Gershkovichs Anwalt Daniil Berman sagte zu Journalisten außerhalb des Gerichtssaals, dass er nicht zur Anhörung zugelassen worden sei. Gershkovich werde wahrscheinlich im Untersuchungsgefängnis Lefortowo festgehalten, das häufig vom FSB genutzt wird.

Der beim russischen Außenministerium akkreditierte Korrespondent des Moskauer Büros des „Wall Street Journal“ stehe im Verdacht der „Spionage im Interesse der amerikanischen Regierung“, hieß es vom FSB. Der 31-Jährige werde verdächtigt, Informationen „über ein Unternehmen des militärisch-industriellen Komplexes“ in Russland gesammelt zu haben. Russland hatte seine Mediengesetze nach Beginn der Ukraine-Invasion drastisch verschärft. Bei einer Anklage können laut dem russischen Strafgesetzbuch nun zehn bis 20 Jahre Haft drohen.

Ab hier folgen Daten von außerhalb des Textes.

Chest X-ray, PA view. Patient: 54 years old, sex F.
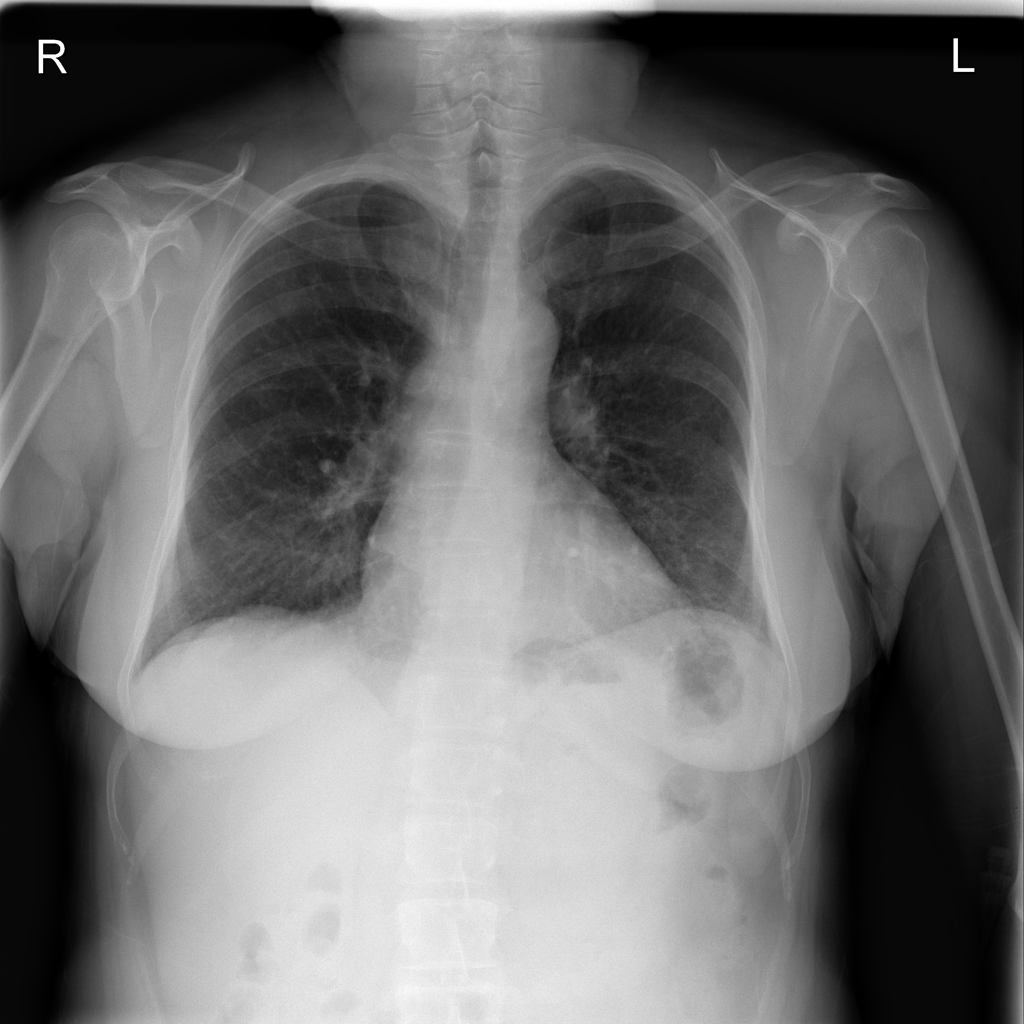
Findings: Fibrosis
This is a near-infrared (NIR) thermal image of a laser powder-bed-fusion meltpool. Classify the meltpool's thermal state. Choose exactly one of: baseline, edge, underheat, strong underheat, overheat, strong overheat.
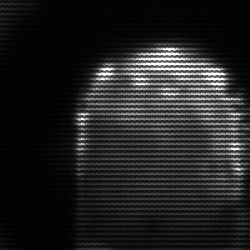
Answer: baseline

Offizielle Seite will Journalist „erwischt“ haben
Die Sprecherin des russischen Außenministeriums, Maria Sacharowa, erklärte, Gershkovich sei „auf frischer Tat“ ertappt worden. Auch Kreml-Sprecher Dmitri Peskow betonte, es gehe nicht um bloße Verdächtigungen, der US-Reporter sei vielmehr „erwischt“ worden. Konkrete Angaben machte Peskow dazu nicht. Der Kreml-Sprecher warnte die USA vor Repressalien gegen russische Journalisten: „Wir hoffen, dass es nicht dazu kommt und es darf nicht dazu kommen.“

Das „Wall Street Journal“ wies die Anschuldigungen gegen seinen Reporter „vehement“ zurück und erklärte, es sei „zutiefst in Sorge um die Sicherheit von Herrn Gershkovich“. Reporter ohne Grenzen zeigte sich „beunruhigt über das, was nach einer Vergeltungsmaßnahme aussieht“. Der Organisation zufolge recherchierte der 31-Jährige „zum Militärunternehmen Wagner“, einer Söldnergruppe, der eine wichtige Rolle bei Russlands Offensive in der Ukraine zukommt.

Weißes Haus entrüstet
„Die Verfolgung amerikanischer Staatsbürger durch die russische Regierung ist inakzeptabel“, teilte das Weiße Haus am Donnerstag mit. Das US-Außenministerium sei zutiefst besorgt und stehe in direktem Kontakt mit der russischen Regierung und bemühe sich aktiv darum, Gershkovich konsularischen Zugang zu verschaffen.

US-Regierung warnt vor Russlandreisen
Am Mittwochabend (Ortszeit) hätten Vertreter der US-Regierung mit dem Arbeitgeber Gershkovichs, dem „Wall Street Journal“ gesprochen. Man stehe auch in Kontakt mit der Familie des Journalisten.

Zitat Icon

„Wir verurteilen auch die fortgesetzte Verfolgung und Unterdrückung von Journalisten und der Pressefreiheit durch die russische Regierung“

Weißes Haus

 Die Sprecherin von US-Präsident Joe Biden betonte außerdem, dass US-Amerikaner die Warnung der US-Regierung vor Reisen nach Russland beherzigen sollten.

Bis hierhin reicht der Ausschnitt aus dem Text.